(REQUIRED WORK):
Every line that holds the word "width" needs to be copied from the data below.

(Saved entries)
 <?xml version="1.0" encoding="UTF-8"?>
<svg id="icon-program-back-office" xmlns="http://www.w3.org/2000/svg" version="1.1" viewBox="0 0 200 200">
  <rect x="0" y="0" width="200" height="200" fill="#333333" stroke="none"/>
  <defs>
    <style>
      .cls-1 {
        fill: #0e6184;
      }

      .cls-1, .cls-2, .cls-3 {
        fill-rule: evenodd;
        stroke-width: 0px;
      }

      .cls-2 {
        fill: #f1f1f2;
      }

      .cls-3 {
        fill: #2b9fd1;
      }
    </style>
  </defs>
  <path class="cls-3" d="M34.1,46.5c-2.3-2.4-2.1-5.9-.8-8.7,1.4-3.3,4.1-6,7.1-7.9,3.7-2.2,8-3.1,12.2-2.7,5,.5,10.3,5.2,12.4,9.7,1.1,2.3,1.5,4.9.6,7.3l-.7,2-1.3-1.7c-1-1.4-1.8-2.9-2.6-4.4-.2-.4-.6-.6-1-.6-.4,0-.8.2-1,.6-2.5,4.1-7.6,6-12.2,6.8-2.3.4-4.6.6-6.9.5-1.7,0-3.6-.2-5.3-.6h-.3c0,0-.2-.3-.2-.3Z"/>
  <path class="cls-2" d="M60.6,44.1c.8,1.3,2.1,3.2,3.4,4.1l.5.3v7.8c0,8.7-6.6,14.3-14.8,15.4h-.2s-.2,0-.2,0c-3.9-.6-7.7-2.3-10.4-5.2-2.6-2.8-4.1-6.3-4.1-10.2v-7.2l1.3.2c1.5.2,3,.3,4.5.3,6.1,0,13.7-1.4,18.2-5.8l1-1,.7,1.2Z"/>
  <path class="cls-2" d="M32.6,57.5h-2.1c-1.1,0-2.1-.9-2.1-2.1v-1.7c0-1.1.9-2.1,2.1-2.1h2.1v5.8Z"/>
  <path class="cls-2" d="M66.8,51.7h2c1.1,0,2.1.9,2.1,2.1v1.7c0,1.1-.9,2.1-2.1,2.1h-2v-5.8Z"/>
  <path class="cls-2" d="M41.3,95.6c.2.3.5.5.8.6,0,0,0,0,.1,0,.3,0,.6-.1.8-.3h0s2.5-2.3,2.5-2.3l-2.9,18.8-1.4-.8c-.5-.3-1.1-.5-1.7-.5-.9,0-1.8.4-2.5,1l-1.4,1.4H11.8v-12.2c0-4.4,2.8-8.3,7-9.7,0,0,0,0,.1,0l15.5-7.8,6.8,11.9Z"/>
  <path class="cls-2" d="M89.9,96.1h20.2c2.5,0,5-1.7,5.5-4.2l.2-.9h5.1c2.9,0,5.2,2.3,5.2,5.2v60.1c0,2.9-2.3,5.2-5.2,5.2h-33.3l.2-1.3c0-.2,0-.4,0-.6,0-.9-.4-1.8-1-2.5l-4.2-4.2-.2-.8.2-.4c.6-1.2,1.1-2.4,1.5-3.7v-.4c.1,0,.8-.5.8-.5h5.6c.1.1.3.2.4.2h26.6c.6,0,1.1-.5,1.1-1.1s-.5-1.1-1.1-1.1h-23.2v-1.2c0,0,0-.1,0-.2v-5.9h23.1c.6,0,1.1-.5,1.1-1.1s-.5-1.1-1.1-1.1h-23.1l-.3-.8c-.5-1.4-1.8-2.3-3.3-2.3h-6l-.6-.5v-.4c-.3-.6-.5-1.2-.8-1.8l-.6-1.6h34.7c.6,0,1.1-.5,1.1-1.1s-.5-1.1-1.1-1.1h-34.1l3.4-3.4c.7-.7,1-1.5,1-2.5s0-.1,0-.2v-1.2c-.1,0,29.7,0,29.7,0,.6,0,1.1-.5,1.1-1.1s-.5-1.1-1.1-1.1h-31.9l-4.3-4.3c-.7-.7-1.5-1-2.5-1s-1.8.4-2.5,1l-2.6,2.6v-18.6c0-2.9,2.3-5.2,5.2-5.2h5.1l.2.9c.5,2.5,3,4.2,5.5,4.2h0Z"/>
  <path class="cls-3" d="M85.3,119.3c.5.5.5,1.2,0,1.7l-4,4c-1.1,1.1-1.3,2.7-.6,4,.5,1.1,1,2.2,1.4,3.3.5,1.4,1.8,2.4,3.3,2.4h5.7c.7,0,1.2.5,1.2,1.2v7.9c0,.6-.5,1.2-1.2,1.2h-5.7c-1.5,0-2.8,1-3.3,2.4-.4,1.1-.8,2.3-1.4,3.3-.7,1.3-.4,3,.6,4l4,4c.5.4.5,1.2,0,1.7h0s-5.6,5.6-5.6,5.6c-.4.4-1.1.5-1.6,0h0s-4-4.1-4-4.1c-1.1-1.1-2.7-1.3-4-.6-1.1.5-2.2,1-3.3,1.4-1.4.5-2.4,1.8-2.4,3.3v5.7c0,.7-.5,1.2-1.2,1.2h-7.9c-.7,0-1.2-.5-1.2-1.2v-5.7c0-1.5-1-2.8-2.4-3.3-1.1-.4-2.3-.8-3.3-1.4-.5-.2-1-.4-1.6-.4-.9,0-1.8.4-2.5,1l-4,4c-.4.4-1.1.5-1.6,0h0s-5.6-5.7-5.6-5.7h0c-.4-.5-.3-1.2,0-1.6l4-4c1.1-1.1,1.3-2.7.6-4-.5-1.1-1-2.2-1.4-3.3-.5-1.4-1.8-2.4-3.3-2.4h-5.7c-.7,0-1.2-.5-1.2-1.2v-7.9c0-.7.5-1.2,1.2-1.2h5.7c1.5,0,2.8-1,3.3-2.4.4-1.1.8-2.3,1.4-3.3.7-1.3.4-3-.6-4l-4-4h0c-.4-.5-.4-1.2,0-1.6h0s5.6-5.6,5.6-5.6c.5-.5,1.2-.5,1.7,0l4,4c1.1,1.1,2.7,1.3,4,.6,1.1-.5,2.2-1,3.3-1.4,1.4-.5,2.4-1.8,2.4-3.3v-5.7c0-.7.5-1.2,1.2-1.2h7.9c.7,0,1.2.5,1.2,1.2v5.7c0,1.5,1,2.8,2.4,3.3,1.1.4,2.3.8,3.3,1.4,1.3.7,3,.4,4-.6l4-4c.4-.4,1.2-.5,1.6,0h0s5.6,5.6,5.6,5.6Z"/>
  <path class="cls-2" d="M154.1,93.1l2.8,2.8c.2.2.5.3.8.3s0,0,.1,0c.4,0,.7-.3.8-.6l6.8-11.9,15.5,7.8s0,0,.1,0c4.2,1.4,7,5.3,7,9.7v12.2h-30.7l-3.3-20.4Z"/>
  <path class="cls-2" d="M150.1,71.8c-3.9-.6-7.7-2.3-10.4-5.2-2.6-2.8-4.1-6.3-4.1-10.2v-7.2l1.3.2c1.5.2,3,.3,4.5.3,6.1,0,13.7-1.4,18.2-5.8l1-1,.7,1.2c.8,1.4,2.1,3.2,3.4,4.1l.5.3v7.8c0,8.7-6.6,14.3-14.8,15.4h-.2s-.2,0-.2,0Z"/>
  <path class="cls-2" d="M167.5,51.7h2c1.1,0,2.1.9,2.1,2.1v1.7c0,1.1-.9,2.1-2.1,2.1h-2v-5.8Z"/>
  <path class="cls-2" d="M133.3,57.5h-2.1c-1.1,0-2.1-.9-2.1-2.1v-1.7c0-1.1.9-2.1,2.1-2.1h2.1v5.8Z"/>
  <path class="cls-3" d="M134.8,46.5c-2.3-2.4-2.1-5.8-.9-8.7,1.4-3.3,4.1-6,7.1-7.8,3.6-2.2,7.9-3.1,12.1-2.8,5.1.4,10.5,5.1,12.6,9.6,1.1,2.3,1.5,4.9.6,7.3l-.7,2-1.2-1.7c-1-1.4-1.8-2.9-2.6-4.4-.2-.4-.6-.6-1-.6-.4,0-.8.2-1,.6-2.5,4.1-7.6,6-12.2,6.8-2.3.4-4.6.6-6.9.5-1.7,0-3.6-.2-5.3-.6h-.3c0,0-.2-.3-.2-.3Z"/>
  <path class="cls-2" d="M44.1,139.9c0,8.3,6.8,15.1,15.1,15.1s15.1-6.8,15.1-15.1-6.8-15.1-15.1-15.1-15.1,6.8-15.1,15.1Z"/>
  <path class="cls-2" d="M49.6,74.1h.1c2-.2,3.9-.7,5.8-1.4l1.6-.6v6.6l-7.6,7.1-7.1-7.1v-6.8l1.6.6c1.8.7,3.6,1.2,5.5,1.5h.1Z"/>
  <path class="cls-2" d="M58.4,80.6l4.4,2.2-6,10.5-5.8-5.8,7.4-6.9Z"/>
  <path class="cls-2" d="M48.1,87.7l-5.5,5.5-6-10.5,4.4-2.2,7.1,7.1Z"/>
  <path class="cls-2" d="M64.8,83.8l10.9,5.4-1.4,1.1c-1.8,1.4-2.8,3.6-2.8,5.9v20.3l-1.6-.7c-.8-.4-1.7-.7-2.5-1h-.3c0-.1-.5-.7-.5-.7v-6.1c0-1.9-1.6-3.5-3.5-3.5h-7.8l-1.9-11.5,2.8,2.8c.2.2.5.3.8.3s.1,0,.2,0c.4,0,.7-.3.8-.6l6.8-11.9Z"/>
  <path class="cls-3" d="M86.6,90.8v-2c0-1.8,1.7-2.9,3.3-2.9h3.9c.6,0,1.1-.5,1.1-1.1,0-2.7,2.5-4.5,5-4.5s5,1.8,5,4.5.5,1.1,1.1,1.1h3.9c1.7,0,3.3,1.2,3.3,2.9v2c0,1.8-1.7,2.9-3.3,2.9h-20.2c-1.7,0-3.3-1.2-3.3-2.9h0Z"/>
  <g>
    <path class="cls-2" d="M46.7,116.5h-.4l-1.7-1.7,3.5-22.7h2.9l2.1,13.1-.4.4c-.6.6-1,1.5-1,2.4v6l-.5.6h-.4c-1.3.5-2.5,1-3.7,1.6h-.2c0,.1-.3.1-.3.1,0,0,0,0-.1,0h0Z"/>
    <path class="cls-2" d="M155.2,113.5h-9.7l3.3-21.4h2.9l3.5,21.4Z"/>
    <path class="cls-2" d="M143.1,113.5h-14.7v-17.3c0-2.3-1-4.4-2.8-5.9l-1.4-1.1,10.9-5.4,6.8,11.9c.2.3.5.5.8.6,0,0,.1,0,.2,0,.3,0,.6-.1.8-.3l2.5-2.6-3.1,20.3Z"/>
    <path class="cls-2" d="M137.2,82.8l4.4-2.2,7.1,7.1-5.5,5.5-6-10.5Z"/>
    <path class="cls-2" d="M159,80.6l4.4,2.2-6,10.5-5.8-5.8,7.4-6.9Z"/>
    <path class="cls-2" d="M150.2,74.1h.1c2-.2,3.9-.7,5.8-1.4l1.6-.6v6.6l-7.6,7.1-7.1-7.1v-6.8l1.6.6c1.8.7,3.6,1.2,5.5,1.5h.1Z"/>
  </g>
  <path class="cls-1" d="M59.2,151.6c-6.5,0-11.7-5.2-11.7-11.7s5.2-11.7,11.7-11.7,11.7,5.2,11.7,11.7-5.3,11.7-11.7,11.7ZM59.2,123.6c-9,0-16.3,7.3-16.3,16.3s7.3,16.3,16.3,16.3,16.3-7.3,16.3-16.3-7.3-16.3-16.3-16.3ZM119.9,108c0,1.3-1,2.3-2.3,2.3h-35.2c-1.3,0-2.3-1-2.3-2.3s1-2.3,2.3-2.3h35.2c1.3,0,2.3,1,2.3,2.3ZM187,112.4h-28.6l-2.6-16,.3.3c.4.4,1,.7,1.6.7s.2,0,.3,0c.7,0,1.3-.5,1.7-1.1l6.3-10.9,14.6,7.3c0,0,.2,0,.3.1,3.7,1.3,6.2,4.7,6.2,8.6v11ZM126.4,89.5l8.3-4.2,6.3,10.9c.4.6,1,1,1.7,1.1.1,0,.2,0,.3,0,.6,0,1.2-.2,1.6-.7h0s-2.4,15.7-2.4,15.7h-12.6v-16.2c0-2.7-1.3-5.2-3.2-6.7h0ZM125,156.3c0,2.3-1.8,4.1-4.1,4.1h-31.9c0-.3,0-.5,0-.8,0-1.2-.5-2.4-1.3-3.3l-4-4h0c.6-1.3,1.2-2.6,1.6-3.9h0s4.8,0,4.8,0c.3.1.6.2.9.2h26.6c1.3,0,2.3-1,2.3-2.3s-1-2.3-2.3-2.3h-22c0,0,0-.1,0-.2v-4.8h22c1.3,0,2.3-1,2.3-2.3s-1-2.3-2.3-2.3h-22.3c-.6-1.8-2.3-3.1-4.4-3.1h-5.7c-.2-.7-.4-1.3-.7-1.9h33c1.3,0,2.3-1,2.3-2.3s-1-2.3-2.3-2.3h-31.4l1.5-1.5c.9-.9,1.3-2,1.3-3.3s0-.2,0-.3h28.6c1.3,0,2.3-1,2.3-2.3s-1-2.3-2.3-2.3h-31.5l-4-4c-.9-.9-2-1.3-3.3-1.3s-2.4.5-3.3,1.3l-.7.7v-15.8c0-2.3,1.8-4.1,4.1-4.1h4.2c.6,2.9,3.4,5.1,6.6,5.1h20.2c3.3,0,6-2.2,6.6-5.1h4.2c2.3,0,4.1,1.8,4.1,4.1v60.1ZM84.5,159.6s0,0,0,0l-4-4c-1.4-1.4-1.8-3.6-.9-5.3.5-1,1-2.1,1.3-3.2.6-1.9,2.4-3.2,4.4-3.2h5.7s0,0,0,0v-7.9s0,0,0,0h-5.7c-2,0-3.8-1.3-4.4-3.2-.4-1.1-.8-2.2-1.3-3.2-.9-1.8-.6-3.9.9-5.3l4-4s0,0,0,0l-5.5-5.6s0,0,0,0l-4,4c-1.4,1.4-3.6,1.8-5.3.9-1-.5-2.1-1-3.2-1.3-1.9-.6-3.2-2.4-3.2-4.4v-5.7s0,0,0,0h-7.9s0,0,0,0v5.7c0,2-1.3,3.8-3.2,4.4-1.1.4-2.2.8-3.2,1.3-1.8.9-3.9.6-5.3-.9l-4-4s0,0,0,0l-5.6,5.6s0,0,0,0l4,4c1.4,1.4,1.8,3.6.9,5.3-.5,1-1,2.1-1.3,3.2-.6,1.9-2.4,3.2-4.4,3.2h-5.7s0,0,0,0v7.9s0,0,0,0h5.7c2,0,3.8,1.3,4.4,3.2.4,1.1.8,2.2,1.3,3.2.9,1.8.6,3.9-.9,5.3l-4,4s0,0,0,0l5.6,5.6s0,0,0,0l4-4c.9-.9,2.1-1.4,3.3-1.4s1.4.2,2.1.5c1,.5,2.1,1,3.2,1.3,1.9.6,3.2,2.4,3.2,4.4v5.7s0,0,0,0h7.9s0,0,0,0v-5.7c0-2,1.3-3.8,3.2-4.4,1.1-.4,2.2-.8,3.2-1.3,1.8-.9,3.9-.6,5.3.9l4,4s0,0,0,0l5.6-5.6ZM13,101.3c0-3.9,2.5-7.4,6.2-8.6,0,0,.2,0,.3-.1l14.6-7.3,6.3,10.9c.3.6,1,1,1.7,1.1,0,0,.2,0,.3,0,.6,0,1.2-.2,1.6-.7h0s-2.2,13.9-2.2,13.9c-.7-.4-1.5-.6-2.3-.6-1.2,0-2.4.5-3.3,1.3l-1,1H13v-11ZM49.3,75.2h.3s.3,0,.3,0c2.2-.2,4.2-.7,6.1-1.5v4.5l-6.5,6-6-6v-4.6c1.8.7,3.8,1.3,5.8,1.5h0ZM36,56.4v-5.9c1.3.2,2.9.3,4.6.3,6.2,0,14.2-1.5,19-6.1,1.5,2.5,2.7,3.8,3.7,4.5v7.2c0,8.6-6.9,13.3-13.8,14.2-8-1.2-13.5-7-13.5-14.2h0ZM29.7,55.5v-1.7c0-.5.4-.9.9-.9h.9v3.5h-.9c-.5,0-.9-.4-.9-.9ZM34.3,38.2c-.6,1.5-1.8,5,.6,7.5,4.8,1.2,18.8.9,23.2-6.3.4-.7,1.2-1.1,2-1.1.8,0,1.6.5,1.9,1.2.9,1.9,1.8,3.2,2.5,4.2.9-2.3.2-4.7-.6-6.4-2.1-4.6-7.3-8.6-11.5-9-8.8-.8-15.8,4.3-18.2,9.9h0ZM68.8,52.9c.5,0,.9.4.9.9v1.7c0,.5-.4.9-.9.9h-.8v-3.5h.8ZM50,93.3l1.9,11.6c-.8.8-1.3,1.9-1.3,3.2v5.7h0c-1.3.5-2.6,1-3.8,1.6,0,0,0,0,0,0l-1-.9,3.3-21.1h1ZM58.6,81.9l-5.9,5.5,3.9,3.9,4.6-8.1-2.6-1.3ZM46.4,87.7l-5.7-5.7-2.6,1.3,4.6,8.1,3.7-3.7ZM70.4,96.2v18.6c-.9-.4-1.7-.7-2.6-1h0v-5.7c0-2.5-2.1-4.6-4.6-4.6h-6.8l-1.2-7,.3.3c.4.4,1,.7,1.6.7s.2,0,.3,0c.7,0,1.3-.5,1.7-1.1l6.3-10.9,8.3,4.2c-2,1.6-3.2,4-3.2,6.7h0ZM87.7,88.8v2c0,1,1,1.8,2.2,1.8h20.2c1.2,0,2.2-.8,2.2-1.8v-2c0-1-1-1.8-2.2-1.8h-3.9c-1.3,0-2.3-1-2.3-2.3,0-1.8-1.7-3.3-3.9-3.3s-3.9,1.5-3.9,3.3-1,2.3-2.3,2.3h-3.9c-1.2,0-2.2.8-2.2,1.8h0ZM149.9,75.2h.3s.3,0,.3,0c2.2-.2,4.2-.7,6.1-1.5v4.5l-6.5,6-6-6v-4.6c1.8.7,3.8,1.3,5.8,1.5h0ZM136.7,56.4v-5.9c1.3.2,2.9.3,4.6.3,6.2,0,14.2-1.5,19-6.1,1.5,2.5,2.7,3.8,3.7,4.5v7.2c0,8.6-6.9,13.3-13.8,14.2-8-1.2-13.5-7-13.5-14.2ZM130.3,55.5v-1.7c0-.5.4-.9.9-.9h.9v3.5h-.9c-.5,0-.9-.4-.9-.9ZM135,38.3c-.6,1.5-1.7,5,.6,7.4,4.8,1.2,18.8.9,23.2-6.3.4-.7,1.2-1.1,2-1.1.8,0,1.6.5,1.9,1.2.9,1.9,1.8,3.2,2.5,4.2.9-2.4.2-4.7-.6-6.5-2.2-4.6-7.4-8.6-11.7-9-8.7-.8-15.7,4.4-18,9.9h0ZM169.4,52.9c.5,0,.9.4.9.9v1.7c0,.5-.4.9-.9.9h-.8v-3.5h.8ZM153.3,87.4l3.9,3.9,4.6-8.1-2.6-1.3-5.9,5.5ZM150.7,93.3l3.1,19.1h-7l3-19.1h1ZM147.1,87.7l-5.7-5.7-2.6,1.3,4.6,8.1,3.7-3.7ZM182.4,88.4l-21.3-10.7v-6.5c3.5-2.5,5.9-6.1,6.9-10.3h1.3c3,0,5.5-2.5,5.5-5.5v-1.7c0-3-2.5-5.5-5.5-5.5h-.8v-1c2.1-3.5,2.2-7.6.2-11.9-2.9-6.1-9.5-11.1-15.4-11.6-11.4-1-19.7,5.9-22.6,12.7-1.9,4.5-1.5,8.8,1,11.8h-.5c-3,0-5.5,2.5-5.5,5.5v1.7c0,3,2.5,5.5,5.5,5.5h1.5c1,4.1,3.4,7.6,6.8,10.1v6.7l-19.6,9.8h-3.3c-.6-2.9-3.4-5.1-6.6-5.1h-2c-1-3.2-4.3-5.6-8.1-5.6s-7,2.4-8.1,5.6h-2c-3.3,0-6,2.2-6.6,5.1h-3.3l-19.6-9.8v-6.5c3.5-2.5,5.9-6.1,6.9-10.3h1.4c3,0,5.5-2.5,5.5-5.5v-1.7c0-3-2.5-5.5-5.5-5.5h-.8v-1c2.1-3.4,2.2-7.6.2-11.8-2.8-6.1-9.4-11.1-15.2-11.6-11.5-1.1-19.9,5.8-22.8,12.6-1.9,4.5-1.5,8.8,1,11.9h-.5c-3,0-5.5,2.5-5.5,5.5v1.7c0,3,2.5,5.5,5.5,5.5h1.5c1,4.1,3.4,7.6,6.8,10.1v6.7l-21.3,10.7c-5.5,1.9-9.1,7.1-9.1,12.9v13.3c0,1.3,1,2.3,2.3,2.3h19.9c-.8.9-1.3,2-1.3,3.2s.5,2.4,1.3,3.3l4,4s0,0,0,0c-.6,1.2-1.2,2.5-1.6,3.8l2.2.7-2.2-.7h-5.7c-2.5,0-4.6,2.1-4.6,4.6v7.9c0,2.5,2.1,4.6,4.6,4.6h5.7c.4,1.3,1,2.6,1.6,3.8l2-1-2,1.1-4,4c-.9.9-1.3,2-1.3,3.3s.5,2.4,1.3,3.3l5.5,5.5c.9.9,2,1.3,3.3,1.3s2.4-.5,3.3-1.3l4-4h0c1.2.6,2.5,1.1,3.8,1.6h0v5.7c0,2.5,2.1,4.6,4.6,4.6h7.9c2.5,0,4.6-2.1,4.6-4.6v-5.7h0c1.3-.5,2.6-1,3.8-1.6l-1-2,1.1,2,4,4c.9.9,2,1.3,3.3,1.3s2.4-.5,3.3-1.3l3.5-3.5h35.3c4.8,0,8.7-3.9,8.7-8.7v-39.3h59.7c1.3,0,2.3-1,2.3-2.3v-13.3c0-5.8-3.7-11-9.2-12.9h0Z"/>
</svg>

(EXPECTED ANSWER):
  <rect x="0" y="0" width="200" height="200" fill="#333333" stroke="none"/>
        stroke-width: 0px;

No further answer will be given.